Task prompt:
Search the entries below. Return every line that has "VECTOR" in it.

***** The input

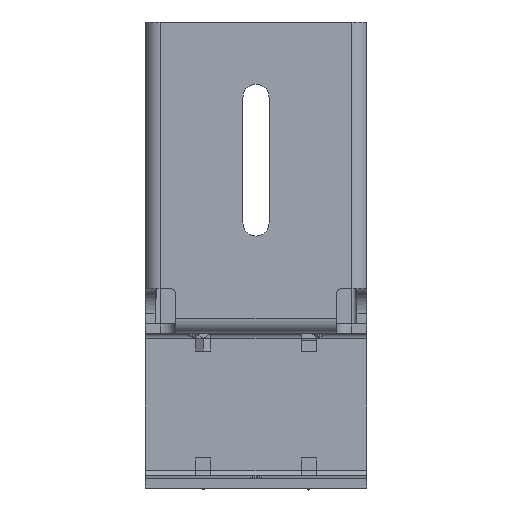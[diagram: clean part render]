
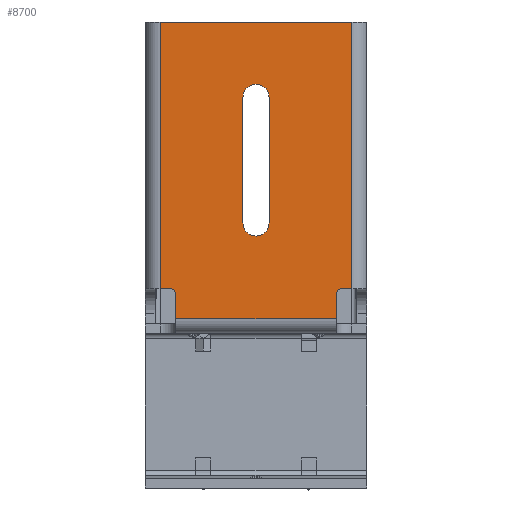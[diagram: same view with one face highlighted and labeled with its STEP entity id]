
A CAD part, front view. The second image highlights one B-rep face of the part: STEP entity #8700.
In plain terms, the highlighted planar face has unit normal (0, -1, 0).
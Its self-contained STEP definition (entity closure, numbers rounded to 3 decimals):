
#332 = CARTESIAN_POINT ( 'NONE',  ( -16., -1.9, -54.1 ) ) ;
#372 = PLANE ( 'NONE',  #12734 ) ;
#384 = DIRECTION ( 'NONE',  ( 0., 0., -1. ) ) ;
#450 = CARTESIAN_POINT ( 'NONE',  ( 2.6, -1.9, -40. ) ) ;
#471 = DIRECTION ( 'NONE',  ( 0., 0., -1. ) ) ;
#522 = ORIENTED_EDGE ( 'NONE', *, *, #13473, .F. ) ;
#526 = CARTESIAN_POINT ( 'NONE',  ( -2.6, -1.9, -40. ) ) ;
#562 = CARTESIAN_POINT ( 'NONE',  ( -17., -1.9, -54.1 ) ) ;
#625 = VECTOR ( 'NONE', #7637, 1000. ) ;
#748 = CARTESIAN_POINT ( 'NONE',  ( 22., -1.9, -53.1 ) ) ;
#780 = CIRCLE ( 'NONE', #8521, 1. ) ;
#838 = ORIENTED_EDGE ( 'NONE', *, *, #6288, .T. ) ;
#992 = CARTESIAN_POINT ( 'NONE',  ( 2.6, -1.9, -40. ) ) ;
#1076 = VERTEX_POINT ( 'NONE', #12529 ) ;
#1110 = VECTOR ( 'NONE', #1468, 1000. ) ;
#1172 = EDGE_CURVE ( 'NONE', #3586, #11319, #7276, .T. ) ;
#1213 = VERTEX_POINT ( 'NONE', #450 ) ;
#1256 = ORIENTED_EDGE ( 'NONE', *, *, #7515, .T. ) ;
#1276 = VECTOR ( 'NONE', #12542, 1000. ) ;
#1436 = AXIS2_PLACEMENT_3D ( 'NONE', #5254, #12691, #6337 ) ;
#1468 = DIRECTION ( 'NONE',  ( 1., 0., 0. ) ) ;
#1485 = DIRECTION ( 'NONE',  ( 0., 0., 1. ) ) ;
#1507 = CARTESIAN_POINT ( 'NONE',  ( 2.6, -1.9, -15. ) ) ;
#1587 = VECTOR ( 'NONE', #1485, 1000. ) ;
#1623 = LINE ( 'NONE', #10414, #1276 ) ;
#1632 = VECTOR ( 'NONE', #10698, 1000. ) ;
#1644 = DIRECTION ( 'NONE',  ( 0., 0., 1. ) ) ;
#1728 = VERTEX_POINT ( 'NONE', #2793 ) ;
#2045 = CARTESIAN_POINT ( 'NONE',  ( -19.1, -1.9, 0. ) ) ;
#2229 = LINE ( 'NONE', #9444, #13205 ) ;
#2302 = CIRCLE ( 'NONE', #6716, 2.6 ) ;
#2513 = CARTESIAN_POINT ( 'NONE',  ( -16., -1.9, -59.1 ) ) ;
#2533 = DIRECTION ( 'NONE',  ( 0., 1., 0. ) ) ;
#2545 = CARTESIAN_POINT ( 'NONE',  ( 16., -1.9, -59.1 ) ) ;
#2627 = CARTESIAN_POINT ( 'NONE',  ( 5.333, -1.9, -59.1 ) ) ;
#2793 = CARTESIAN_POINT ( 'NONE',  ( -19.1, -1.9, -53.1 ) ) ;
#3062 = DIRECTION ( 'NONE',  ( 0., 0., 1. ) ) ;
#3430 = ORIENTED_EDGE ( 'NONE', *, *, #1172, .T. ) ;
#3586 = VERTEX_POINT ( 'NONE', #10443 ) ;
#3621 = VERTEX_POINT ( 'NONE', #6341 ) ;
#3680 = DIRECTION ( 'NONE',  ( 0., 1., 0. ) ) ;
#4158 = B_SPLINE_CURVE_WITH_KNOTS ( 'NONE', 3,
 ( #2513, #10033, #2627, #10084 ),
 .UNSPECIFIED., .F., .F.,
 ( 4, 4 ),
 ( 0., 1. ),
 .UNSPECIFIED. ) ;
#4379 = VERTEX_POINT ( 'NONE', #1507 ) ;
#4430 = CARTESIAN_POINT ( 'NONE',  ( -16., -1.9, 0. ) ) ;
#4554 = EDGE_LOOP ( 'NONE', ( #522, #7943, #9986, #11749, #7563 ) ) ;
#4624 = FACE_OUTER_BOUND ( 'NONE', #12229, .T. ) ;
#4873 = ORIENTED_EDGE ( 'NONE', *, *, #8413, .T. ) ;
#4954 = CIRCLE ( 'NONE', #1436, 2.6 ) ;
#5040 = VERTEX_POINT ( 'NONE', #10581 ) ;
#5254 = CARTESIAN_POINT ( 'NONE',  ( 0., -1.9, -40. ) ) ;
#5447 = VECTOR ( 'NONE', #8444, 1000. ) ;
#5485 = EDGE_CURVE ( 'NONE', #6703, #5716, #10481, .T. ) ;
#5654 = VERTEX_POINT ( 'NONE', #2545 ) ;
#5716 = VERTEX_POINT ( 'NONE', #526 ) ;
#5944 = VECTOR ( 'NONE', #7154, 1000. ) ;
#6158 = EDGE_CURVE ( 'NONE', #4379, #6703, #2302, .T. ) ;
#6288 = EDGE_CURVE ( 'NONE', #6392, #13617, #6313, .T. ) ;
#6313 = LINE ( 'NONE', #4430, #625 ) ;
#6337 = DIRECTION ( 'NONE',  ( 0., 0., -1. ) ) ;
#6341 = CARTESIAN_POINT ( 'NONE',  ( -19.1, -1.9, 0. ) ) ;
#6392 = VERTEX_POINT ( 'NONE', #332 ) ;
#6463 = FACE_BOUND ( 'NONE', #4554, .T. ) ;
#6519 = CARTESIAN_POINT ( 'NONE',  ( 19.1, -1.9, 0. ) ) ;
#6703 = VERTEX_POINT ( 'NONE', #9414 ) ;
#6716 = AXIS2_PLACEMENT_3D ( 'NONE', #13222, #6877, #471 ) ;
#6798 = DIRECTION ( 'NONE',  ( 0., -1., 0. ) ) ;
#6810 = CARTESIAN_POINT ( 'NONE',  ( 19.1, -1.9, -59.1 ) ) ;
#6877 = DIRECTION ( 'NONE',  ( 0., -1., 0. ) ) ;
#7006 = EDGE_CURVE ( 'NONE', #5040, #7882, #780, .T. ) ;
#7086 = CARTESIAN_POINT ( 'NONE',  ( 17., -1.9, -53.1 ) ) ;
#7154 = DIRECTION ( 'NONE',  ( 1., 0., 0. ) ) ;
#7276 = LINE ( 'NONE', #6810, #1587 ) ;
#7413 = ORIENTED_EDGE ( 'NONE', *, *, #12708, .T. ) ;
#7515 = EDGE_CURVE ( 'NONE', #3621, #1728, #8283, .T. ) ;
#7563 = ORIENTED_EDGE ( 'NONE', *, *, #6158, .F. ) ;
#7637 = DIRECTION ( 'NONE',  ( 0., 0., -1. ) ) ;
#7851 = CARTESIAN_POINT ( 'NONE',  ( 22., -1.9, -53.1 ) ) ;
#7882 = VERTEX_POINT ( 'NONE', #7086 ) ;
#7943 = ORIENTED_EDGE ( 'NONE', *, *, #11173, .F. ) ;
#8018 = DIRECTION ( 'NONE',  ( 0., 1., 0. ) ) ;
#8283 = LINE ( 'NONE', #2045, #5447 ) ;
#8413 = EDGE_CURVE ( 'NONE', #11319, #3621, #1623, .T. ) ;
#8444 = DIRECTION ( 'NONE',  ( 0., 0., -1. ) ) ;
#8465 = DIRECTION ( 'NONE',  ( 0., 0., 1. ) ) ;
#8521 = AXIS2_PLACEMENT_3D ( 'NONE', #10048, #3680, #11123 ) ;
#8576 = VECTOR ( 'NONE', #8465, 1000. ) ;
#8694 = EDGE_CURVE ( 'NONE', #7882, #3586, #12105, .T. ) ;
#8700 = ADVANCED_FACE ( 'NONE', ( #6463, #4624 ), #372, .F. ) ;
#8759 = ORIENTED_EDGE ( 'NONE', *, *, #11860, .T. ) ;
#8767 = LINE ( 'NONE', #748, #5944 ) ;
#9414 = CARTESIAN_POINT ( 'NONE',  ( -2.6, -1.9, -15. ) ) ;
#9431 = EDGE_CURVE ( 'NONE', #1728, #9554, #8767, .T. ) ;
#9438 = ORIENTED_EDGE ( 'NONE', *, *, #8694, .T. ) ;
#9444 = CARTESIAN_POINT ( 'NONE',  ( 16., -1.9, 0. ) ) ;
#9554 = VERTEX_POINT ( 'NONE', #10664 ) ;
#9843 = AXIS2_PLACEMENT_3D ( 'NONE', #562, #8018, #1644 ) ;
#9856 = ORIENTED_EDGE ( 'NONE', *, *, #10164, .T. ) ;
#9958 = CARTESIAN_POINT ( 'NONE',  ( 22., -1.9, 0. ) ) ;
#9986 = ORIENTED_EDGE ( 'NONE', *, *, #12081, .F. ) ;
#9999 = DIRECTION ( 'NONE',  ( 0., 0., 1. ) ) ;
#10033 = CARTESIAN_POINT ( 'NONE',  ( -5.333, -1.9, -59.1 ) ) ;
#10048 = CARTESIAN_POINT ( 'NONE',  ( 17., -1.9, -54.1 ) ) ;
#10084 = CARTESIAN_POINT ( 'NONE',  ( 16., -1.9, -59.1 ) ) ;
#10164 = EDGE_CURVE ( 'NONE', #5654, #5040, #2229, .T. ) ;
#10414 = CARTESIAN_POINT ( 'NONE',  ( 22., -1.9, 0. ) ) ;
#10443 = CARTESIAN_POINT ( 'NONE',  ( 19.1, -1.9, -53.1 ) ) ;
#10481 = LINE ( 'NONE', #12826, #1632 ) ;
#10581 = CARTESIAN_POINT ( 'NONE',  ( 16., -1.9, -54.1 ) ) ;
#10664 = CARTESIAN_POINT ( 'NONE',  ( -17., -1.9, -53.1 ) ) ;
#10698 = DIRECTION ( 'NONE',  ( 0., 0., -1. ) ) ;
#10776 = CARTESIAN_POINT ( 'NONE',  ( -16., -1.9, -59.1 ) ) ;
#10991 = ORIENTED_EDGE ( 'NONE', *, *, #7006, .T. ) ;
#11123 = DIRECTION ( 'NONE',  ( 0., 0., 1. ) ) ;
#11173 = EDGE_CURVE ( 'NONE', #1076, #1213, #4954, .T. ) ;
#11319 = VERTEX_POINT ( 'NONE', #6519 ) ;
#11364 = AXIS2_PLACEMENT_3D ( 'NONE', #13140, #6798, #384 ) ;
#11407 = LINE ( 'NONE', #992, #8576 ) ;
#11716 = CIRCLE ( 'NONE', #9843, 1. ) ;
#11749 = ORIENTED_EDGE ( 'NONE', *, *, #5485, .F. ) ;
#11860 = EDGE_CURVE ( 'NONE', #13617, #5654, #4158, .T. ) ;
#12081 = EDGE_CURVE ( 'NONE', #5716, #1076, #13043, .T. ) ;
#12105 = LINE ( 'NONE', #7851, #1110 ) ;
#12229 = EDGE_LOOP ( 'NONE', ( #12538, #7413, #838, #8759, #9856, #10991, #9438, #3430, #4873, #1256 ) ) ;
#12529 = CARTESIAN_POINT ( 'NONE',  ( 0., -1.9, -42.6 ) ) ;
#12538 = ORIENTED_EDGE ( 'NONE', *, *, #9431, .T. ) ;
#12542 = DIRECTION ( 'NONE',  ( -1., 0., 0. ) ) ;
#12691 = DIRECTION ( 'NONE',  ( 0., -1., 0. ) ) ;
#12708 = EDGE_CURVE ( 'NONE', #9554, #6392, #11716, .T. ) ;
#12734 = AXIS2_PLACEMENT_3D ( 'NONE', #9958, #2533, #9999 ) ;
#12826 = CARTESIAN_POINT ( 'NONE',  ( -2.6, -1.9, -40. ) ) ;
#13043 = CIRCLE ( 'NONE', #11364, 2.6 ) ;
#13140 = CARTESIAN_POINT ( 'NONE',  ( 0., -1.9, -40. ) ) ;
#13205 = VECTOR ( 'NONE', #3062, 1000. ) ;
#13222 = CARTESIAN_POINT ( 'NONE',  ( 0., -1.9, -15. ) ) ;
#13473 = EDGE_CURVE ( 'NONE', #1213, #4379, #11407, .T. ) ;
#13617 = VERTEX_POINT ( 'NONE', #10776 ) ;

**********

Written answer:
#625 = VECTOR ( 'NONE', #7637, 1000. ) ;
#1110 = VECTOR ( 'NONE', #1468, 1000. ) ;
#1276 = VECTOR ( 'NONE', #12542, 1000. ) ;
#1587 = VECTOR ( 'NONE', #1485, 1000. ) ;
#1632 = VECTOR ( 'NONE', #10698, 1000. ) ;
#5447 = VECTOR ( 'NONE', #8444, 1000. ) ;
#5944 = VECTOR ( 'NONE', #7154, 1000. ) ;
#8576 = VECTOR ( 'NONE', #8465, 1000. ) ;
#13205 = VECTOR ( 'NONE', #3062, 1000. ) ;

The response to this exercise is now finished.